====== Recorded information

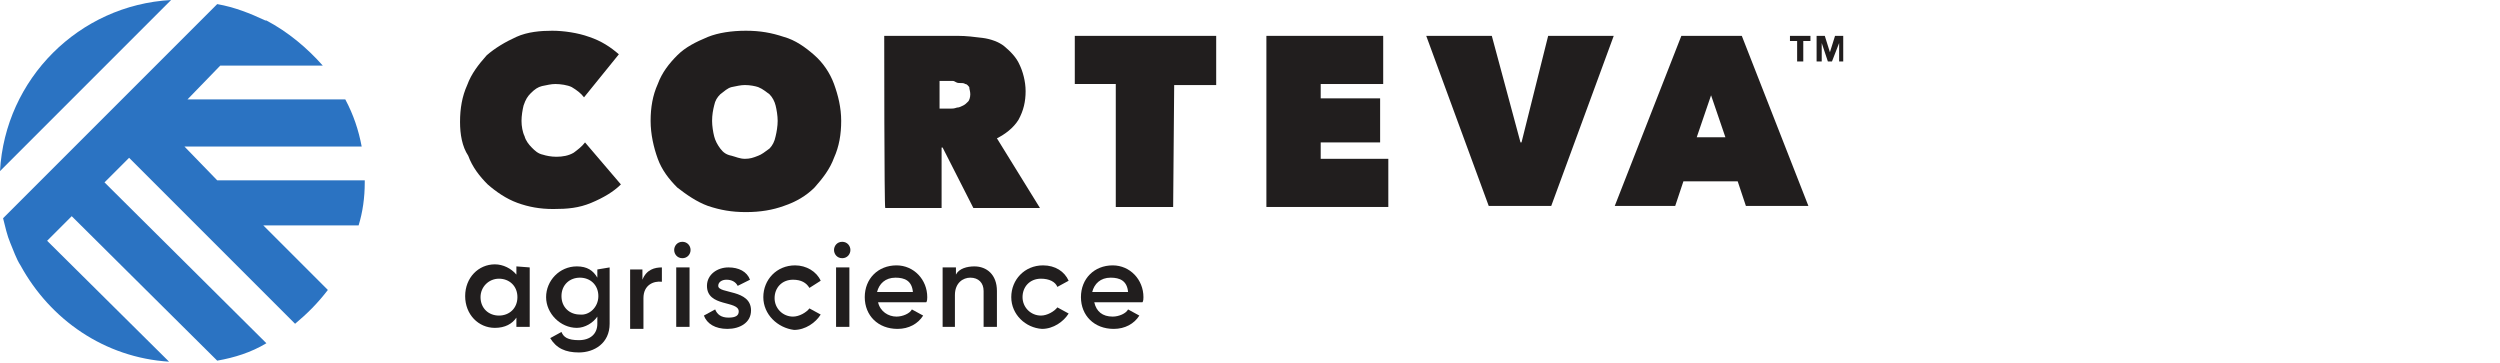 <?xml version="1.0" encoding="utf-8"?>
<!-- Generator: Adobe Illustrator 27.4.1, SVG Export Plug-In . SVG Version: 6.00 Build 0)  -->
<svg version="1.1" id="Layer_1" xmlns="http://www.w3.org/2000/svg" xmlns:xlink="http://www.w3.org/1999/xlink" x="0px" y="0px"
	 viewBox="0 0 244 35.4" style="enable-background:new 0 0 244 35.4;" xml:space="preserve">
<style type="text/css">
	.st0{fill:#2B73C2;}
	.st1{fill:#211E1E;}
</style>
<g id="g9661">
	<path id="path9659" class="st0" d="M0,16.7L16.7,0C7.7,0.5,0.5,7.7,0,16.7"/>
</g>
<g id="g9665">
	<path id="path9663" class="st0" d="M35.6,17.8v-0.2H21.2L18,14.3h17.3c-0.3-1.6-0.8-3.1-1.6-4.6H18.3l3.2-3.3h10
		C30,4.7,28.1,3.1,26,2h-0.1c-1.5-0.7-3-1.3-4.7-1.6L0.3,21.3C0.5,22.1,0.7,23,1,23.7s0.6,1.6,1,2.2c2.9,5.3,8.2,9,14.5,9.4
		L4.6,23.5L7,21.1l14.2,14.1c1.7-0.3,3.3-0.8,4.8-1.7L10.2,17.8l2.4-2.4l16.2,16.2c1.2-1,2.2-2,3.2-3.3L25.7,22H35
		C35.4,20.7,35.6,19.3,35.6,17.8"/>
</g>
<path id="path9667" class="st1" d="M44.9,11.9c0-1.3,0.2-2.5,0.7-3.6c0.4-1.1,1.1-2,1.9-2.9c0.8-0.7,1.8-1.3,2.9-1.8
	C51.5,3.1,52.8,3,53.9,3s2.5,0.2,3.6,0.6c1.2,0.4,2.1,1,2.9,1.7L57,9.5c-0.3-0.4-0.7-0.7-1.2-1c-0.4-0.2-1.1-0.3-1.6-0.3
	c-0.4,0-0.8,0.1-1.3,0.2c-0.4,0.1-0.7,0.3-1.1,0.7c-0.3,0.3-0.5,0.6-0.7,1.2c-0.1,0.4-0.2,1-0.2,1.5s0.1,1.1,0.3,1.5
	c0.1,0.4,0.4,0.8,0.7,1.1s0.6,0.6,1.1,0.7c0.3,0.1,0.8,0.2,1.3,0.2c0.6,0,1.2-0.1,1.7-0.4c0.4-0.3,0.8-0.6,1.1-1l3.5,4.1
	c-0.7,0.7-1.7,1.3-2.9,1.8s-2.3,0.6-3.7,0.6c-1.3,0-2.4-0.2-3.5-0.6c-1.1-0.4-2.1-1.1-2.9-1.8c-0.8-0.8-1.5-1.7-1.9-2.8
	C45.1,14.3,44.9,13.1,44.9,11.9"/>
<path id="path9669" class="st1" d="M69.5,11.8c0,0.5,0.1,1.1,0.2,1.5c0.1,0.4,0.3,0.8,0.6,1.2c0.3,0.4,0.6,0.6,1.1,0.7
	c0.4,0.1,0.8,0.3,1.3,0.3s0.8-0.1,1.3-0.3c0.3-0.1,0.7-0.4,1.1-0.7c0.3-0.3,0.5-0.7,0.6-1.2c0.1-0.4,0.2-1,0.2-1.5
	c0-0.5-0.1-1.1-0.2-1.5c-0.1-0.4-0.3-0.8-0.6-1.1c-0.3-0.2-0.6-0.5-1.1-0.7c-0.3-0.1-0.8-0.2-1.3-0.2c-0.4,0-0.8,0.1-1.3,0.2
	c-0.4,0.1-0.7,0.4-1.1,0.7c-0.3,0.3-0.5,0.6-0.6,1.1C69.6,10.7,69.5,11.2,69.5,11.8 M63.5,11.8c0-1.3,0.2-2.5,0.7-3.6
	c0.4-1.1,1.1-2,1.9-2.8s1.8-1.3,3-1.8C70.1,3.2,71.4,3,72.8,3c1.4,0,2.5,0.2,3.7,0.6c1.1,0.3,2.1,1,3,1.8c0.8,0.7,1.5,1.7,1.9,2.8
	s0.7,2.3,0.7,3.6s-0.2,2.5-0.7,3.6c-0.4,1.1-1.1,2-1.9,2.9c-0.8,0.8-1.8,1.4-3,1.8c-1.1,0.4-2.3,0.6-3.7,0.6c-1.4,0-2.5-0.2-3.7-0.6
	c-1.1-0.4-2.1-1.1-3-1.8c-0.8-0.8-1.5-1.7-1.9-2.8C63.8,14.4,63.5,13.1,63.5,11.8"/>
<path id="path9671" class="st1" d="M91.7,10.6h1.1c0.2,0,0.3,0,0.6-0.1c0.2,0,0.4-0.1,0.6-0.2c0.2-0.1,0.3-0.2,0.5-0.4
	c0.1-0.1,0.2-0.4,0.2-0.7c0-0.3-0.1-0.5-0.1-0.7c-0.1-0.1-0.2-0.3-0.4-0.3c-0.1-0.1-0.3-0.1-0.6-0.1c-0.3,0-0.4-0.2-0.6-0.2h-1.3
	L91.7,10.6L91.7,10.6z M86.3,3.5h7.2c0.8,0,1.6,0.1,2.4,0.2c0.8,0.1,1.6,0.4,2.1,0.8c0.6,0.5,1.2,1.1,1.5,1.8
	c0.3,0.6,0.6,1.6,0.6,2.6s-0.2,1.9-0.7,2.8c-0.5,0.8-1.3,1.4-2.1,1.8l4.2,6.8h-6.5L92,14.4h-0.1v5.9h-5.5
	C86.3,20.2,86.3,3.5,86.3,3.5z"/>
<path id="path9673" class="st1" d="M114.5,20.2h-5.6v-12h-4V3.5h13.8v4.8h-4.1L114.5,20.2L114.5,20.2z"/>
<path id="path9675" class="st1" d="M123.6,3.5h11.4v4.7h-6.1v1.4h5.8v4.3h-5.8v1.6h6.6v4.7h-11.9V3.5L123.6,3.5z"/>
<path id="path9677" class="st1" d="M139.2,3.5h6.4l2.8,10.4h0.1l2.6-10.4h6.4l-6.1,16.6h-6.1L139.2,3.5L139.2,3.5z"/>
<path id="path9679" class="st1" d="M167,9.3l-1.4,4.1h2.8L167,9.3L167,9.3z M164.1,3.5h5.9l6.5,16.6h-6.1l-0.8-2.4h-5.3l-0.8,2.4
	h-5.9L164.1,3.5L164.1,3.5z"/>
<path id="path9681" class="st1" d="M176,4v2h-0.6V4h-0.7V3.5h2V4H176L176,4z"/>
<g id="g9685">
	<path id="path9683" class="st1" d="M179.5,6V4.2l0,0L178.8,6h-0.4l-0.6-1.8l0,0V6h-0.5V3.5h0.8l0.5,1.6l0,0l0.5-1.6h0.8V6L179.5,6
		L179.5,6z"/>
</g>
<path id="path9687" class="st1" d="M50.5,29c0-1.1-0.8-1.8-1.8-1.8s-1.8,0.8-1.8,1.8c0,1.1,0.8,1.8,1.8,1.8S50.5,30.1,50.5,29
	 M51.7,26.1v5.8h-1.3V31c-0.4,0.6-1.1,1-2.1,1c-1.6,0-2.9-1.3-2.9-3.1s1.3-3.1,2.9-3.1c0.8,0,1.6,0.4,2.1,1V26L51.7,26.1L51.7,26.1
	L51.7,26.1z"/>
<g id="g9691">
	<path id="path9689" class="st1" d="M58.4,28.9c0-1.1-0.8-1.8-1.8-1.8c-1,0-1.8,0.7-1.8,1.8s0.8,1.8,1.8,1.8
		C57.5,30.8,58.4,30,58.4,28.9 M59.5,26.1v5.5c0,1.9-1.5,2.8-3,2.8c-1.3,0-2.2-0.4-2.8-1.4l1.1-0.6c0.2,0.5,0.6,0.8,1.7,0.8
		c1.1,0,1.8-0.6,1.8-1.6v-0.7c-0.4,0.6-1.2,1.1-2,1.1c-1.6,0-3-1.4-3-3s1.3-3,3-3c1,0,1.6,0.4,2,1.1v-0.8L59.5,26.1
		C59.5,26.2,59.5,26.1,59.5,26.1z"/>
</g>
<path id="path9693" class="st1" d="M64.6,26.1v1.4c-0.8-0.1-1.8,0.3-1.8,1.6v3h-1.3v-5.8h1.2v1C63.1,26.3,63.9,26.1,64.6,26.1"/>
<path id="path9695" class="st1" d="M66,26.1h1.3v5.8H66V26.1z M65.8,24.4c0-0.4,0.3-0.8,0.8-0.8s0.8,0.4,0.8,0.8s-0.3,0.8-0.8,0.8
	S65.8,24.8,65.8,24.4"/>
<path id="path9697" class="st1" d="M73.3,30.3c0,1.2-1.1,1.8-2.3,1.8c-1.2,0-2-0.5-2.3-1.3l1.1-0.6c0.2,0.5,0.6,0.8,1.3,0.8
	s1-0.2,1-0.6c0-1.1-3.1-0.4-3.1-2.5c0-1.1,1-1.8,2.1-1.8c1,0,1.8,0.4,2.1,1.2L72,27.9c-0.2-0.4-0.6-0.6-1.1-0.6
	c-0.4,0-0.8,0.2-0.8,0.6C70.1,28.7,73.3,28.2,73.3,30.3"/>
<path id="path9699" class="st1" d="M74.5,29c0-1.7,1.3-3.1,3.1-3.1c1.1,0,2.1,0.6,2.5,1.5L79,28.1c-0.3-0.5-0.8-0.8-1.6-0.8
	c-1.1,0-1.8,0.8-1.8,1.8c0,1,0.8,1.8,1.8,1.8c0.6,0,1.3-0.4,1.6-0.8l1.1,0.6c-0.5,0.8-1.5,1.5-2.6,1.5C75.9,32,74.5,30.7,74.5,29"/>
<path id="path9701" class="st1" d="M81.6,26.1h1.3v5.8h-1.3V26.1z M81.4,24.4c0-0.4,0.3-0.8,0.8-0.8s0.8,0.4,0.8,0.8
	s-0.3,0.8-0.8,0.8S81.4,24.8,81.4,24.4"/>
<path id="path9703" class="st1" d="M89.1,28.5c-0.1-1.1-0.8-1.4-1.7-1.4c-1,0-1.6,0.6-1.8,1.4H89.1z M87.5,30.9
	c0.6,0,1.3-0.3,1.5-0.7l1.1,0.6c-0.5,0.8-1.4,1.3-2.5,1.3c-1.9,0-3.2-1.3-3.2-3.1s1.3-3.1,3.1-3.1c1.7,0,3,1.4,3,3.1
	c0,0.1,0,0.4-0.1,0.5h-4.7C85.9,30.4,86.7,30.9,87.5,30.9"/>
<path id="path9705" class="st1" d="M97.3,28.4v3.5H96v-3.5c0-0.8-0.5-1.3-1.3-1.3c-0.7,0-1.5,0.5-1.5,1.7v3.1H92v-5.8h1.3v0.7
	c0.3-0.6,1.1-0.8,1.8-0.8C96.3,26,97.3,26.8,97.3,28.4"/>
<path id="path9707" class="st1" d="M98.7,29c0-1.7,1.3-3.1,3.1-3.1c1.2,0,2.1,0.6,2.5,1.5l-1.1,0.6c-0.2-0.5-0.8-0.8-1.6-0.8
	c-1.1,0-1.8,0.8-1.8,1.8c0,1,0.8,1.8,1.8,1.8c0.6,0,1.3-0.4,1.6-0.8l1.1,0.6c-0.5,0.8-1.5,1.5-2.6,1.5C100.1,32,98.7,30.7,98.7,29"
	/>
<path id="path9709" class="st1" d="M110.1,28.5c-0.1-1.1-0.8-1.4-1.7-1.4c-1,0-1.6,0.6-1.8,1.4H110.1z M108.6,30.9
	c0.6,0,1.3-0.3,1.5-0.7l1.1,0.6c-0.5,0.8-1.4,1.3-2.5,1.3c-1.9,0-3.2-1.3-3.2-3.1s1.3-3.1,3.1-3.1c1.7,0,3,1.4,3,3.1
	c0,0.1,0,0.4-0.1,0.5h-4.7C107,30.4,107.6,30.9,108.6,30.9"/>
</svg>

============

**Exercise objective:** Say how many lines of the records include the word "style", and give nothing but the number.

**The completed task:** 3